Но эти простые последние слова Лихарева долго не давали девушке спать по ночам, и долго она ходила на то место дороги, где впервые с ним встретилась и где впервые говорила с ним в ясный вешний день под шелест листьев очнувшегося после зимней спячки бора. Потом так же долго она ждала того, кто так вовремя и кстати явился перед ней, чтобы рассеять ее девичью грусть-тоску.
Хитрый паренек явился, и явился тоже как-то вовремя и кстати, хотя как будто бы мимоходом, невзначай. На этот раз все уж было кончено: все объяснилось, все переговорилось, и начали мелькать для Галины дни за днями в каком-то неведомом для нее чаду, в каком-то неведомом для нее опьянении, не знающем никаких размышлений, никаких дум, кроме одной заветной думы. Галина полюбила, и полюбила со всей страстью, какую вносят одиноко взросшие девушки в любовь, полюбила со всей нежностью, накопившейся в ее юном сердце, которое еще не любило, с безумием мозга, как бы пораженного счастьем, и, наконец, такой горячей любовью, существование которой только и возможно было допустить у такой, какой была Галина с ее цыганской кровью.
Счастливые дни в один день, в один час были омрачены, были разбиты. Ужели всему виной Салтычиха? Не Сидорка ли?
– Сидорка! Сидорка! – раздался чей-то негромкий, но отчетливый голос, казалось, над самым ухом Галины.
Галина вздрогнула всем телом, очнулась и открыла глаза. Бок у нее ныл, одна рука тоже. Она медленно приподнялась с лавки, потянулась. Свет горящей лучины ударил ей прямо в глаза; она прищурила их и опять открыла. Теперь она уже хорошо видела, что в сторожке, у конника, стояли к ней спиной два человека в армяках и с чем-то возились.
Прежний голос снова повторил, но погромче:
– Сидорка!.. – И прибавил: – Да что же ты нейдешь? Дубина!.. Подь сюда!.. Нам одним не справиться… того гляди, уроним…
На пороге появился Сидорка без шапки, с перепуганным лицом.

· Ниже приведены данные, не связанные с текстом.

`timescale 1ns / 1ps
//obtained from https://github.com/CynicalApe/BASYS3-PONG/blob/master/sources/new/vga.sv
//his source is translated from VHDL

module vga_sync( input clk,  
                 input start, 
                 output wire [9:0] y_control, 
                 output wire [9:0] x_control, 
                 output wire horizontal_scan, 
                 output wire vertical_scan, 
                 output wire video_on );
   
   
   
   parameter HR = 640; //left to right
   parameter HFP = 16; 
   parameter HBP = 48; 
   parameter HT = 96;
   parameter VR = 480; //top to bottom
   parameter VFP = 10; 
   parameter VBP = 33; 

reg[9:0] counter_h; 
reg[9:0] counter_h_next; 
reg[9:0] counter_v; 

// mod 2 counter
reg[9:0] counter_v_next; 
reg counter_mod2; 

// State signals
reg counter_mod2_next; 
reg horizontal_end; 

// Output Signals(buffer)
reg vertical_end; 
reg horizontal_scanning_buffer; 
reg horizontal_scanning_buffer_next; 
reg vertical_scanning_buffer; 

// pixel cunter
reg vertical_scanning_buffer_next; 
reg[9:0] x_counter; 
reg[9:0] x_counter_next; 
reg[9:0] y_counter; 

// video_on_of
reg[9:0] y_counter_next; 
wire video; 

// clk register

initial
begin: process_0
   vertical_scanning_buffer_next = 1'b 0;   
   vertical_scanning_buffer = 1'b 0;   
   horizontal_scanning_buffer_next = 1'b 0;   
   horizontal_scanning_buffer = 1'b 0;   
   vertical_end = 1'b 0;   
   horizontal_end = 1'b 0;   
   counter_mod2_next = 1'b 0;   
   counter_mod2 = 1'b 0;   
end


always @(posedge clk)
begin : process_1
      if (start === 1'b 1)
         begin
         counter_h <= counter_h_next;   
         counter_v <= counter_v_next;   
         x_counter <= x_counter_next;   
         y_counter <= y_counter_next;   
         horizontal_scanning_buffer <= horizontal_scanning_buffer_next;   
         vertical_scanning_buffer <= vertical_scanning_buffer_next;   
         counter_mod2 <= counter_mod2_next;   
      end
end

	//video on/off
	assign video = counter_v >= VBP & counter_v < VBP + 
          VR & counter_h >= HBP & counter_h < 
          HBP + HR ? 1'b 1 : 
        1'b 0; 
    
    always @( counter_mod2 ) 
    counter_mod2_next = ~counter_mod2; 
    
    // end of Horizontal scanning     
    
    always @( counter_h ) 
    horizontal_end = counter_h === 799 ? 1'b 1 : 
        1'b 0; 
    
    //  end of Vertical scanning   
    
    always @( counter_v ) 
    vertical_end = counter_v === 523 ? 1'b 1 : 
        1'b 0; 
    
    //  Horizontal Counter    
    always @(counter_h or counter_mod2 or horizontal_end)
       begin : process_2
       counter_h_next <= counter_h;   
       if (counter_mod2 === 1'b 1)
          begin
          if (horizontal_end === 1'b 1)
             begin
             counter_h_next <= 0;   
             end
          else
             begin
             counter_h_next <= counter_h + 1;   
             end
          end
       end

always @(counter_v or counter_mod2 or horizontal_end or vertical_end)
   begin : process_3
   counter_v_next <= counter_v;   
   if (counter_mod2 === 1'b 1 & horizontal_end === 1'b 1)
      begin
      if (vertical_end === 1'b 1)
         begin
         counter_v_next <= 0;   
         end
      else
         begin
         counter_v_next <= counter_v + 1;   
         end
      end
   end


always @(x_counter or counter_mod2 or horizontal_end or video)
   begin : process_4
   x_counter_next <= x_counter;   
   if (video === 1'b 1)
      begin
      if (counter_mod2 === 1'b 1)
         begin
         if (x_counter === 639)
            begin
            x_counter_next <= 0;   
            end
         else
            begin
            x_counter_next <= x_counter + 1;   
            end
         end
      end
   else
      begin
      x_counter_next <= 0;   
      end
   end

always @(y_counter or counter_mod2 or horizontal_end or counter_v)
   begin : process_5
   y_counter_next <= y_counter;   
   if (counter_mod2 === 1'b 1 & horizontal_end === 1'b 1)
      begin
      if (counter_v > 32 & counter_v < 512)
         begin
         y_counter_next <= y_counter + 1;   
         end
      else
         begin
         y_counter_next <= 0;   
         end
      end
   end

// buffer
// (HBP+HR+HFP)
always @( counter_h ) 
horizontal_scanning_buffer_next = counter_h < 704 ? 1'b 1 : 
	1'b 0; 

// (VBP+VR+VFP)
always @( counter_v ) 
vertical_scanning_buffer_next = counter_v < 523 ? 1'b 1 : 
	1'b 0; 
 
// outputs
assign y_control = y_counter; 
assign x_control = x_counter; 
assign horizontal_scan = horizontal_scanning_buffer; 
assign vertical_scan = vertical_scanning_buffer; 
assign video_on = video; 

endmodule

Давешняя злость мгновенно закипела в сердце Галины, и она, вскочив с лавки, почти закричала ему навстречу:
– Уйди!.. Уйди отсюдова!.. Тебе здесь не место!.. Уйди!..
– Молчи ты… дура!.. – остановил ее тот же голос, который звал Сидорку – Тише!.. В доме мертвец… Уважь мертвеца-то, оглашенная!..
Девятихвостая кошка с кровавыми узлами.
Кошки в России были введены Морским уставом 1720 года для наказания матросов. При Анне Иоанновне кошками стали сечь проституток (ранее их наказывали батогами и кнутом), а также укрывателей беглых крестьян
Глава IX
Над свежей могилой
То утро, в которое Салтычиха собиралась в Москву, было для нее не особенно приятно.
В то самое время, когда все уже было готово к отъезду, из сельца на барский двор прибежал оторопевший мужик с неприятным известием.
– Никанор удавился… в лесу, на майдане… – доложил он испуганным голосом барыне, садившейся уже в свой вместительный, тяжелый дорожный рыдван.
– Дурак!.. скот!.. – крикнула на него Салтычиха и быстро с помощью Фивы начала вылезать из рыдвана.
Салтычиха верила, как обыкновенно верят почти все злые женщины, во всякого рода приметы, и потому сообщение мужика о повесившемся Никаноре смутило ее. Она уже боялась ехать в Москву в полном убеждении, что в дороге с ней случится какое-нибудь несчастье. Повесившихся она боялась в особенности. Она верила, что висельники встают по ночам и долго ходят туда, где повесились, и к тому, кто был причиной их гибели. О других мертвецах почему-то она была совсем иного мнения: те не вставали и ни к кому не приходили. Чуя за собой относительно Никанора вину, она уже заранее боялась его посещения и проклинала и мужика, сообщившего ей о висельнике, и самого висельника.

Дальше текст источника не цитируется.